Centro Estudios Moleculares de Celula, Facultad Ciencias Quimicas y Farmaceuticas, Universidad de Chile, Santiago, Chile.

出版信息

J Thorac Cardiovasc Surg. 2012 Feb;143(2):451-9. doi: 10.1016/j.jtcvs.2011.07.056. Epub 2011 Aug 31.

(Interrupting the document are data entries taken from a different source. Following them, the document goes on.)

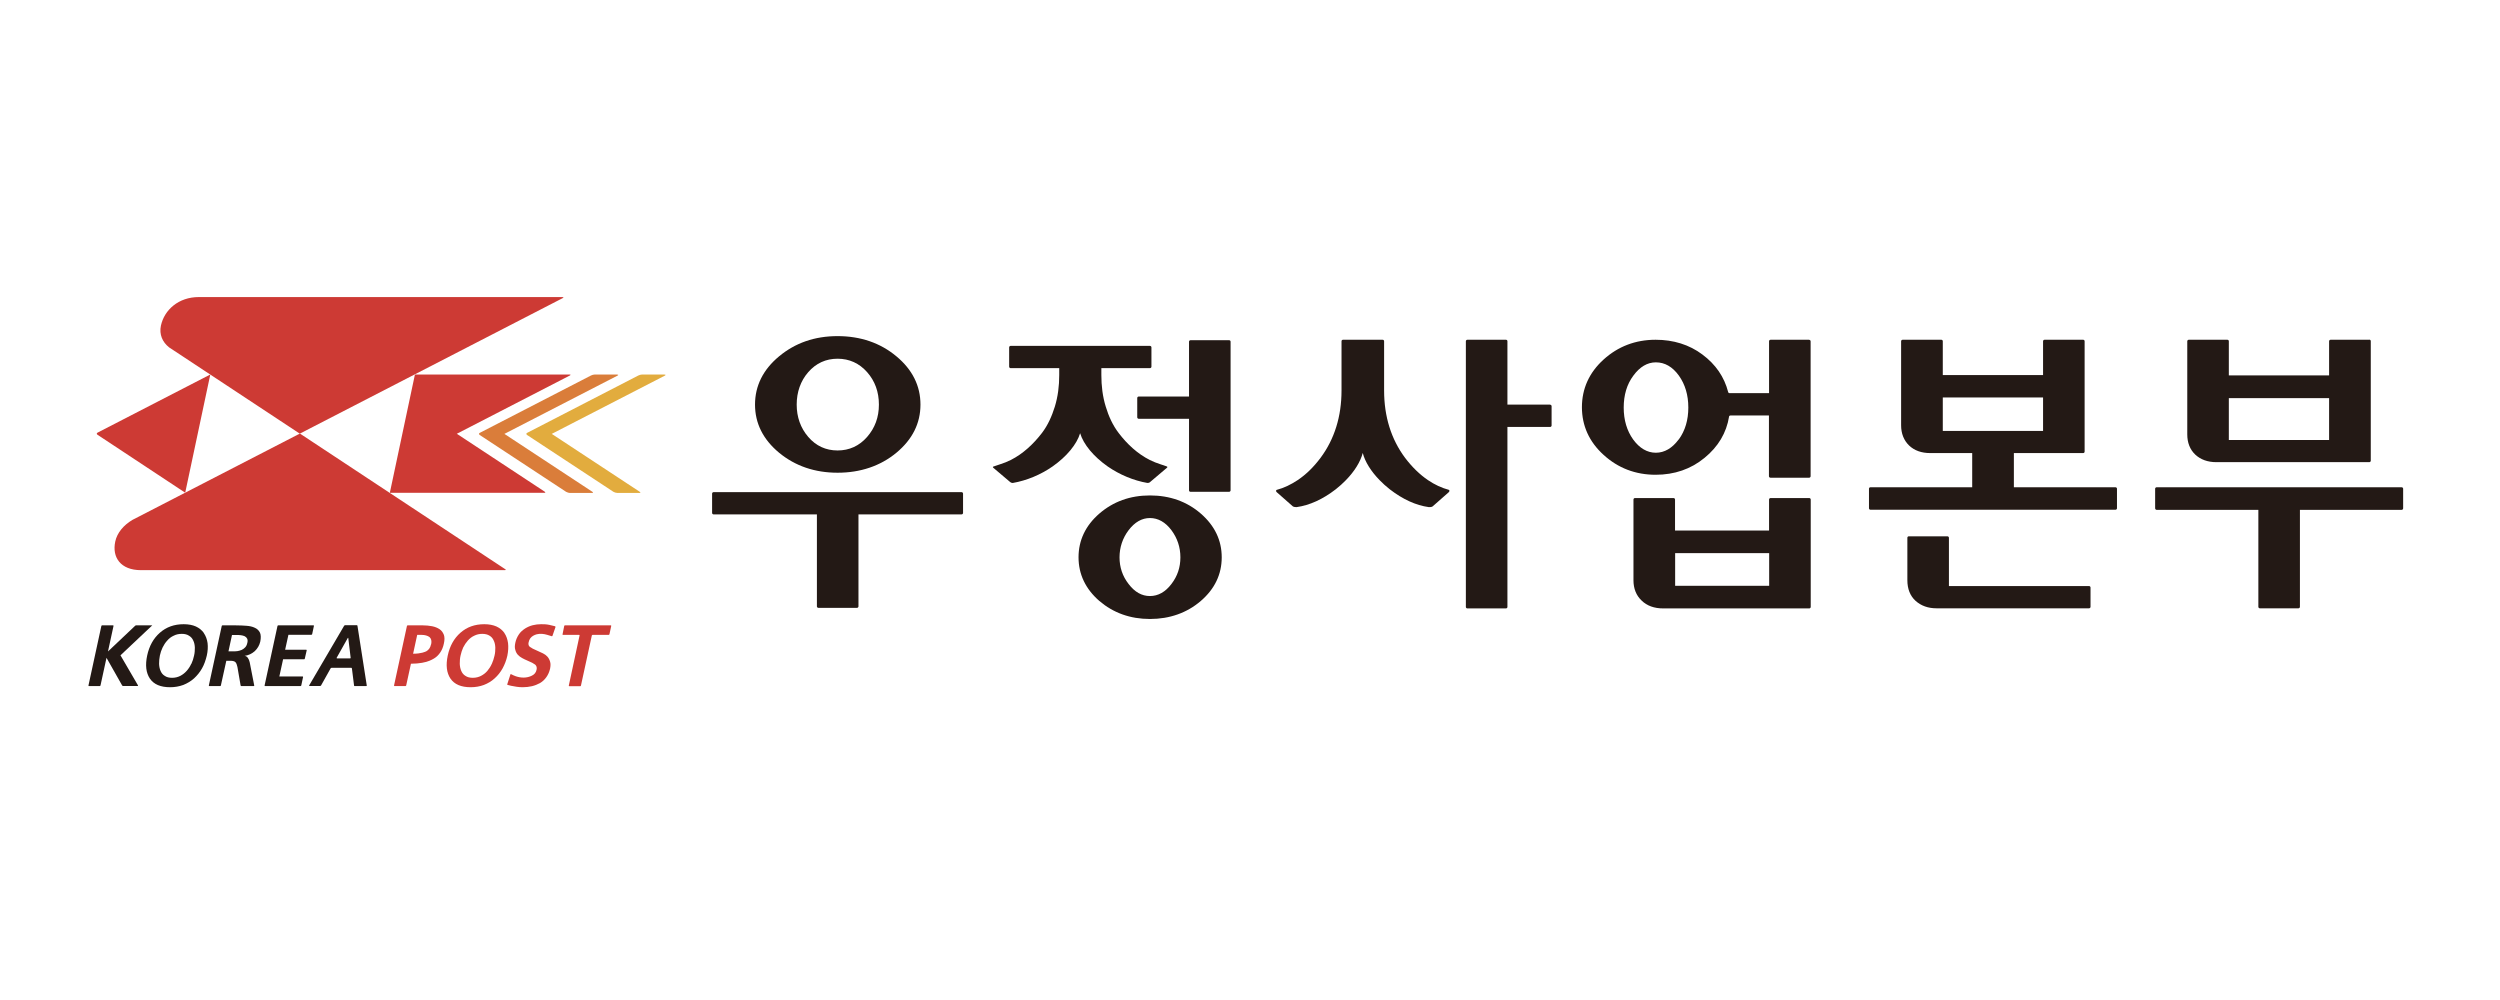 <?xml version="1.0" encoding="UTF-8"?>
<svg id="Layer_2" data-name="Layer 2" xmlns="http://www.w3.org/2000/svg" viewBox="0 0 220.16 88.06">
  <defs>
    <style>
      .cls-1 {
        fill: none;
      }

      .cls-1, .cls-2, .cls-3, .cls-4, .cls-5 {
        stroke-width: 0px;
      }

      .cls-2 {
        fill: #231915;
      }

      .cls-3 {
        fill: #e2ac3e;
      }

      .cls-4 {
        fill: #cd3a34;
      }

      .cls-5 {
        fill: #da7d3a;
      }
    </style>
  </defs>
  <g id="_고객사" data-name="고객사">
    <g>
      <rect class="cls-1" width="220.16" height="88.06"/>
      <g>
        <g>
          <g>
            <path class="cls-4" d="m8.59,38.1c-.09.05-.09.13,0,.19h0l7.72,5.1,2.21-10.41-9.93,5.12Z"/>
            <path class="cls-5" d="m54.34,32.98h-1.95c-.1,0-.26.04-.35.09l-9.79,5.05c-.09.04-.09.13,0,.19h0l7.6,5c.09.05.24.1.34.1h1.95c.1,0,.11-.04.03-.1l-7.75-5.1,9.96-5.13c.09-.05.08-.09-.02-.09Z"/>
            <path class="cls-4" d="m50.15,32.98h-13.61l-2.21,10.42h13.61c.1,0,.11-.04.03-.1l-7.74-5.1,9.95-5.13c.09-.05.08-.09-.02-.09Z"/>
            <path class="cls-3" d="m58.51,32.98h-1.95c-.1,0-.26.04-.35.09l-9.79,5.05c-.09.04-.09.13,0,.19h0l7.6,5c.08.05.24.1.34.1h1.95c.1,0,.12-.04.03-.1l-7.75-5.1,9.96-5.13c.09-.05.08-.09-.02-.09Z"/>
            <path class="cls-4" d="m49.55,26.16H17.51c-1.79,0-3.04,1.13-3.34,2.52-.16.77.13,1.44.72,1.91l11.51,7.6h0s0,0,0,0l23.16-11.94c.09-.05.08-.08-.02-.08Z"/>
            <path class="cls-4" d="m44.47,50.11h0l-18.06-11.93h0s0,0,0,0l-14.74,7.6c-.78.46-1.36,1.14-1.52,1.91-.3,1.39.47,2.52,2.26,2.52h32.04c.1,0,.12-.04.03-.1Z"/>
          </g>
          <g>
            <path class="cls-4" d="m44.42,55.74c-.17-.24-.4-.43-.7-.57-.3-.13-.65-.2-1.07-.2-.84,0-1.53.25-2.1.75-.57.5-.94,1.17-1.12,2.01-.18.85-.1,1.52.24,2.03.35.51.94.76,1.78.76.42,0,.81-.07,1.16-.2.36-.14.68-.33.95-.58.28-.25.51-.54.7-.88.18-.33.33-.71.42-1.12.08-.4.1-.77.06-1.11-.05-.34-.15-.63-.32-.88Zm-1.11,2.72c-.1.23-.24.44-.39.62-.16.19-.35.33-.56.44-.21.11-.46.17-.72.17s-.48-.05-.65-.17c-.17-.1-.29-.25-.37-.44-.08-.18-.12-.39-.13-.62,0-.24.01-.48.07-.73.05-.24.13-.48.23-.71.11-.22.25-.43.41-.61.17-.19.35-.33.57-.43.22-.11.45-.16.7-.16s.47.05.64.16c.17.1.29.24.37.43.09.18.13.39.14.62,0,.23-.01.47-.07.71-.06.25-.13.49-.24.73Z"/>
            <path class="cls-2" d="m17.95,55.74c-.17-.24-.4-.43-.7-.57-.29-.13-.65-.2-1.07-.2-.84,0-1.53.25-2.1.75-.57.5-.94,1.17-1.12,2.01-.18.85-.1,1.52.24,2.03.35.51.94.76,1.78.76.42,0,.8-.07,1.16-.2.35-.14.67-.33.95-.58.27-.25.51-.54.7-.88.19-.33.32-.71.42-1.12.09-.4.11-.77.07-1.11-.05-.34-.16-.63-.33-.88Zm-1.11,2.72c-.1.23-.24.44-.4.62-.16.18-.35.33-.56.44-.22.11-.45.17-.72.17s-.48-.05-.65-.17c-.17-.1-.29-.25-.37-.44-.08-.18-.12-.39-.13-.62,0-.24.02-.48.07-.73.05-.24.13-.48.24-.71.11-.22.24-.43.41-.61.16-.19.35-.33.57-.43.21-.11.45-.16.71-.16s.46.05.63.16c.17.1.3.24.38.43.09.18.13.39.14.62,0,.23-.01.47-.07.71-.05.25-.13.49-.24.73Z"/>
            <path class="cls-4" d="m48.88,55.15s-.48-.12-.5-.12c-.28-.06-.5-.06-.73-.06-.25,0-.5.03-.74.09-.24.06-.46.16-.67.29-.21.14-.4.3-.54.51-.15.22-.26.46-.32.75-.05.24-.06.45,0,.62.04.17.12.32.23.44.11.11.23.21.37.28.13.08.3.15.5.24.3.12.52.24.65.34.12.11.17.26.12.46-.05.23-.18.4-.41.51-.45.23-.97.21-1.43.05-.14-.05-.27-.11-.4-.18-.02-.02-.05,0-.06.02,0,0-.28.85-.28.87,0,.03,0,.05.04.06.04,0,.15.04.28.07.34.07.68.13,1.03.13.29,0,.56-.03.82-.09.26-.06.5-.16.72-.28.22-.13.4-.3.55-.51.15-.21.26-.45.33-.74.05-.25.06-.46,0-.64-.05-.17-.13-.32-.24-.44-.11-.12-.24-.21-.38-.28-.14-.07-.31-.15-.52-.24-.29-.12-.5-.23-.62-.32-.13-.09-.17-.23-.13-.41.03-.14.08-.26.15-.36.08-.1.16-.17.25-.22.1-.06.2-.1.31-.13.31-.08.64-.04.94.05l.39.12s.05,0,.06-.03l.27-.78s0-.05-.03-.06Z"/>
            <path class="cls-4" d="m39.09,55.91c-.08-.21-.2-.38-.38-.5-.18-.12-.4-.21-.65-.26-.26-.05-.54-.08-.85-.08h-1.31s-.05.02-.06.04l-1.14,5.26s.01.05.04.05h.97s.05-.02.06-.05l.42-1.92c.74,0,1.33-.13,1.63-.26h0c.14-.06.27-.12.4-.2.22-.13.4-.31.55-.53.15-.22.26-.49.32-.79.07-.3.07-.56,0-.77Zm-1.13.83c-.06.29-.2.49-.41.61-.09.05-.47.22-1.17.22l.36-1.66h.38c.3,0,.53.07.7.19.16.14.21.35.15.64Z"/>
            <path class="cls-4" d="m53.61,55.91s.05-.02.06-.05l.16-.75s-.01-.04-.04-.04h-4.04s-.06.02-.06.04c0,0-.15.73-.15.75,0,.02,0,.05.04.05h1.43s.04.02.03.05l-.95,4.42s.01.05.04.05h.98s.05-.02.05-.05l.96-4.42s.03-.05.06-.05h1.44Z"/>
            <path class="cls-2" d="m22.89,55.71c-.1-.2-.25-.34-.46-.43-.21-.1-.45-.15-.71-.17-.27-.02-.61-.04-1.02-.04h-1.11s-.05.02-.06.04l-1.14,5.26s.01.05.04.05h.97s.05-.02.05-.05l.48-2.18h.35c.22,0,.37.04.45.12.08.08.14.23.18.43l.28,1.63s.03.05.06.05h1.1s.05-.02.04-.05l-.4-2.05c-.03-.15-.09-.28-.16-.38-.07-.1-.16-.17-.29-.18.35-.05.65-.2.9-.42.25-.24.4-.51.48-.83.07-.34.06-.61-.03-.81Zm-1.11.9c-.03.16-.09.29-.18.39-.09.1-.19.17-.31.23-.12.05-.25.09-.38.11-.13.02-.27.02-.43.02h-.36l.31-1.44h.36c.17,0,.31,0,.43.02.12.01.23.05.33.09.1.05.17.12.22.22.04.09.05.22.01.37Z"/>
            <path class="cls-2" d="m27.65,55.11s-.01-.04-.04-.04h-3.11s-.05.02-.06.04l-1.14,5.26s.01.05.04.05h3.13s.05-.02.06-.05l.16-.75s-.01-.05-.04-.05h-2.05l.33-1.51h1.86s.05-.02.05-.05l.17-.74s0-.05-.04-.05h-1.86l.29-1.32h2.03s.05-.02.06-.05l.16-.75Z"/>
            <path class="cls-2" d="m13.4,55.07h-1.41s-.06.01-.08.03l-2.4,2.27.49-2.26s-.01-.04-.04-.04h-.97s-.05.02-.06.04l-1.14,5.26s.01.05.03.05h.97s.05-.02.06-.05l.53-2.44h0l1.38,2.44s.04.04.07.04h1.3s.04-.02.03-.04l-1.55-2.66,2.79-2.63s.01-.03-.01-.03Z"/>
            <path class="cls-2" d="m31.49,55.11s-.03-.05-.06-.05h-1.05s-.06.02-.07.04l-3.09,5.27s0,.04.03.04h.95s.06-.02.07-.04l.85-1.52s.05-.04.07-.04h1.75s.05.02.05.05h0s.19,1.51.19,1.51c0,.03.02.05.05.05h1.03s.05-.02.04-.05l-.82-5.26Zm-1.82,2.87s-.03-.02-.03-.04l.99-1.76s.04-.02.04,0h0l.21,1.75s-.01.05-.04.05h-1.18Z"/>
          </g>
        </g>
        <g>
          <path class="cls-2" d="m84.68,45.3c.07,0,.13-.06.13-.13v-1.7c0-.07-.06-.13-.13-.13h-21.84c-.07,0-.13.06-.13.13v1.7c0,.07.06.13.13.13h9.1v8.1c0,.07.06.13.13.13h3.4c.07,0,.13-.06.13-.13v-8.1h9.07Z"/>
          <path class="cls-2" d="m68.61,39.87c1.42,1.17,3.15,1.76,5.15,1.76s3.77-.59,5.18-1.76c1.41-1.17,2.12-2.59,2.12-4.24s-.71-3.08-2.12-4.25c-1.41-1.18-3.16-1.78-5.18-1.78s-3.73.6-5.15,1.78c-1.41,1.17-2.12,2.6-2.12,4.25s.71,3.07,2.12,4.24Zm2.57-7.1c.68-.78,1.55-1.18,2.58-1.18s1.91.4,2.6,1.18c.69.78,1.04,1.74,1.04,2.86s-.35,2.06-1.04,2.85c-.69.79-1.57,1.19-2.6,1.19s-1.9-.4-2.58-1.19c-.68-.79-1.02-1.75-1.02-2.85s.34-2.08,1.02-2.86Z"/>
          <path class="cls-2" d="m104.71,43.18c0,.08.06.13.13.13h3.4c.07,0,.13-.06.13-.13v-13.09c0-.08-.06-.13-.13-.13h-3.4c-.07,0-.13.06-.13.13v4.83h-4.43c-.07,0-.13.06-.13.13v1.7c0,.07.06.13.13.13h4.43v6.3Z"/>
          <path class="cls-2" d="m105.75,45.23h0c-1.22-1.06-2.73-1.6-4.48-1.6s-3.23.54-4.46,1.6c-1.22,1.06-1.83,2.36-1.83,3.85s.62,2.79,1.83,3.84c1.23,1.05,2.72,1.59,4.46,1.59s3.26-.54,4.48-1.59c1.22-1.05,1.84-2.34,1.84-3.84s-.62-2.79-1.84-3.85Zm-2.59,6.2c-.53.7-1.17,1.06-1.89,1.06s-1.34-.35-1.88-1.06c-.54-.69-.8-1.48-.8-2.35s.27-1.69.8-2.39c.54-.71,1.17-1.07,1.88-1.07s1.36.36,1.89,1.07c.52.7.79,1.5.79,2.39s-.26,1.66-.79,2.35Z"/>
          <path class="cls-2" d="m136.51,35.63h-3.76v-5.58c0-.08-.06-.13-.13-.13h-3.4c-.07,0-.13.06-.13.13v23.4c0,.07.06.13.13.13h3.4c.07,0,.13-.06.13-.13v-15.85h3.76c.07,0,.13-.06.13-.13v-1.7c0-.07-.06-.13-.13-.13Z"/>
          <path class="cls-2" d="m127.6,43.14c-.64-.17-1.26-.46-1.85-.86-.72-.49-1.4-1.15-2.02-1.97-1.22-1.64-1.84-3.63-1.84-5.92v-4.34c0-.08-.06-.13-.13-.13h-3.49c-.08,0-.13.06-.13.13v4.34c0,2.28-.62,4.28-1.84,5.92-.62.83-1.29,1.48-2.02,1.97-.59.39-1.2.69-1.85.86-.06.01-.08.14,0,.2.38.33,1.13,1,1.42,1.25.06.05.26.08.33.07,1.15-.16,2.31-.69,3.45-1.57.33-.26.63-.53.9-.81.75-.77,1.27-1.6,1.48-2.39.2.78.73,1.62,1.48,2.39.27.28.57.55.9.81,1.14.88,2.29,1.41,3.44,1.57.08.01.28-.01.34-.07.28-.25,1.04-.92,1.42-1.25.08-.07.06-.19,0-.2Z"/>
          <path class="cls-2" d="m159.33,29.92h-3.4c-.08,0-.14.06-.14.13v4.57h-3.49c-.06,0-.1-.04-.11-.09-.34-1.33-1.1-2.44-2.27-3.31-1.16-.87-2.56-1.3-4.12-1.3-1.77,0-3.31.59-4.58,1.74-1.27,1.15-1.91,2.57-1.91,4.2s.64,3.05,1.91,4.2c1.27,1.16,2.81,1.75,4.58,1.75,1.66,0,3.11-.5,4.31-1.49,1.2-.98,1.93-2.2,2.16-3.64,0-.05.06-.09.11-.09h3.4v5.35c0,.07.06.13.14.13h3.4c.07,0,.13-.06.13-.13v-11.88c0-.08-.06-.13-.13-.13Zm-11.5,8.78c-.57.77-1.25,1.17-2.01,1.17s-1.44-.4-2-1.17c-.55-.77-.83-1.71-.83-2.81s.28-2.05.85-2.81c.57-.78,1.24-1.17,1.98-1.17.79,0,1.47.39,2.03,1.17.55.77.83,1.71.83,2.81s-.28,2.04-.84,2.81Z"/>
          <path class="cls-2" d="m211.5,42.91h-21.58c-.07,0-.13.06-.13.13v1.72c0,.07.06.14.13.14h8.96v8.54c0,.07.06.13.13.13h3.4c.07,0,.13-.06.13-.13v-8.54h8.96c.07,0,.13-.06.13-.14v-1.72c0-.07-.06-.13-.13-.13Z"/>
          <path class="cls-2" d="m183.97,51.61h-12.34v-4.25c0-.07-.06-.13-.13-.13h-3.4c-.08,0-.13.06-.13.13v3.73c0,.77.24,1.38.72,1.82.49.44,1.11.66,1.85.66h13.43c.07,0,.13-.06.13-.13v-1.7c0-.07-.06-.13-.13-.13Z"/>
          <path class="cls-2" d="m186.31,42.91h-8.96v-3.01h6.1c.07,0,.13-.05.13-.13v-9.72c0-.08-.06-.13-.13-.13h-3.4c-.07,0-.13.06-.13.13v2.98h-8.83v-2.98c0-.08-.06-.13-.13-.13h-3.4c-.08,0-.14.06-.14.13v7.4c0,.73.24,1.33.7,1.78.47.45,1.1.67,1.87.67h3.69v3.01h-8.96c-.08,0-.13.06-.13.13v1.72c0,.07.06.13.13.13h21.58c.07,0,.13-.06.13-.13v-1.72c0-.07-.06-.13-.13-.13Zm-15.22-4.96v-2.95h8.83v2.95h-8.83Z"/>
          <path class="cls-2" d="m208.64,29.92h-3.4c-.07,0-.13.06-.13.13v3.01h-8.83v-3.01c0-.08-.06-.13-.13-.13h-3.4c-.07,0-.13.06-.13.13v8.2c0,.73.23,1.33.7,1.78.47.44,1.09.67,1.87.67h13.46c.07,0,.13-.06.13-.13v-10.53c0-.08-.06-.13-.13-.13Zm-3.53,8.83h-8.83v-3.69h8.83v3.69Z"/>
          <path class="cls-2" d="m159.33,43.86h-3.4c-.08,0-.14.06-.14.13v2.73h-8.28v-2.73c0-.07-.06-.13-.13-.13h-3.4c-.07,0-.13.06-.13.13v7.11c0,.73.24,1.34.72,1.79.47.46,1.11.69,1.91.69h12.85c.07,0,.13-.06.13-.13v-9.46c0-.07-.06-.13-.13-.13Zm-3.53,7.73h-8.28v-2.88h8.28v2.88Z"/>
          <path class="cls-2" d="m102.77,41.08c-.2-.06-.39-.13-.59-.2-.31-.1-.62-.22-.92-.37-1.09-.55-2-1.4-2.74-2.37-.53-.69-.89-1.49-1.14-2.32-.28-.9-.39-1.84-.39-2.79v-.61h4.28c.07,0,.13-.06.13-.13v-1.7c0-.07-.06-.13-.13-.13h-12.27c-.07,0-.13.06-.13.13v1.7c0,.07.06.13.13.13h4.28v.61c0,.94-.11,1.88-.39,2.79-.26.83-.61,1.63-1.14,2.32-.74.96-1.65,1.82-2.74,2.37-.3.15-.6.27-.92.37-.2.07-.39.14-.59.2-.07.01-.08.07-.03.11l1.5,1.27c.06.05.16.08.23.07,1.21-.21,2.46-.73,3.49-1.45,1.24-.87,2.13-1.94,2.43-2.93,0,.01,0,.02,0,.02,0,0,0,0,0-.02.3.99,1.19,2.06,2.43,2.93,1.04.72,2.28,1.24,3.49,1.45.08.01.18-.02.23-.07l1.5-1.27c.06-.05.04-.1-.03-.11Z"/>
        </g>
      </g>
    </g>
  </g>
</svg>

DOI:10.1016/j.jtcvs.2011.07.056
PMID:21885071
Abstract

OBJECTIVES

Postoperative atrial fibrillation (POAF) is a common complication after on-pump heart surgery. Several histologic abnormalities, such as interstitial fibrosis and vacuolization, have been described in atrial samples from patients developing POAF. This ultrastructural remodeling has been associated with the establishment of a proarrhythmic substrate. We studied whether atrial autophagy is activated in patients who develop POAF.

METHODS

A total of 170 patients in sinus rhythm who had undergone elective coronary artery bypass grafting were included. Systemic inflammatory markers were measured at baseline and 72 hours after surgery. During the procedure, samples of the right atrial appendages were obtained for evaluation of remodeling by light and electron microscopy. Protein ubiquitination and autophagy-related LC3B processing were assessed by Western blot.

RESULTS

Of these patients, 22% developed POAF. The level of high-sensitivity C-reactive protein, fibrosis, inflammation, myxoid degeneration, and ubiquitin-aggregates in the atria did not differ between patients with and without POAF. Electron microphotographs of those with POAF showed a significant accumulation of autophagic vesicles and lipofuscin deposits. Total protein ubiquitination was similar in the patients with and without POAF, but LC3B processing was markedly reduced in those with POAF, suggesting a selective impairment in autophagic flow.

CONCLUSIONS

This study provides novel evidence that ultrastructural atrial remodeling characterized by an impaired cardiac autophagy is present in patients developing POAF after coronary artery bypass surgery.

摘要

目的

体外循环心脏手术后心房颤动(POAF)是一种常见的并发症。在发生 POAF 的患者的心房样本中,已经描述了几种组织学异常,如间质纤维化和空泡化。这种超微结构重塑与形成致心律失常基质有关。我们研究了在发生 POAF 的患者中是否激活了心房自噬。

方法

共纳入 170 例窦性心律患者,他们接受了择期冠状动脉旁路移植术。在手术前和手术后 72 小时测量了全身炎症标志物。在手术过程中,获取右心房附件样本,通过光镜和电子显微镜评估重塑。通过 Western blot 评估蛋白泛素化和自噬相关 LC3B 处理。

结果

这些患者中有 22%发生了 POAF。发生 POAF 和未发生 POAF 的患者心房中的高敏 C 反应蛋白、纤维化、炎症、黏液样变性和泛素聚集水平没有差异。发生 POAF 的患者的电子显微镜照片显示,自噬小泡和脂褐素沉积物明显堆积。发生 POAF 和未发生 POAF 的患者的总蛋白泛素化相似,但 LC3B 处理明显减少,表明自噬流存在选择性损害。

结论

这项研究提供了新的证据,表明在接受冠状动脉旁路移植术后发生 POAF 的患者中,存在以心脏自噬受损为特征的超微结构心房重塑。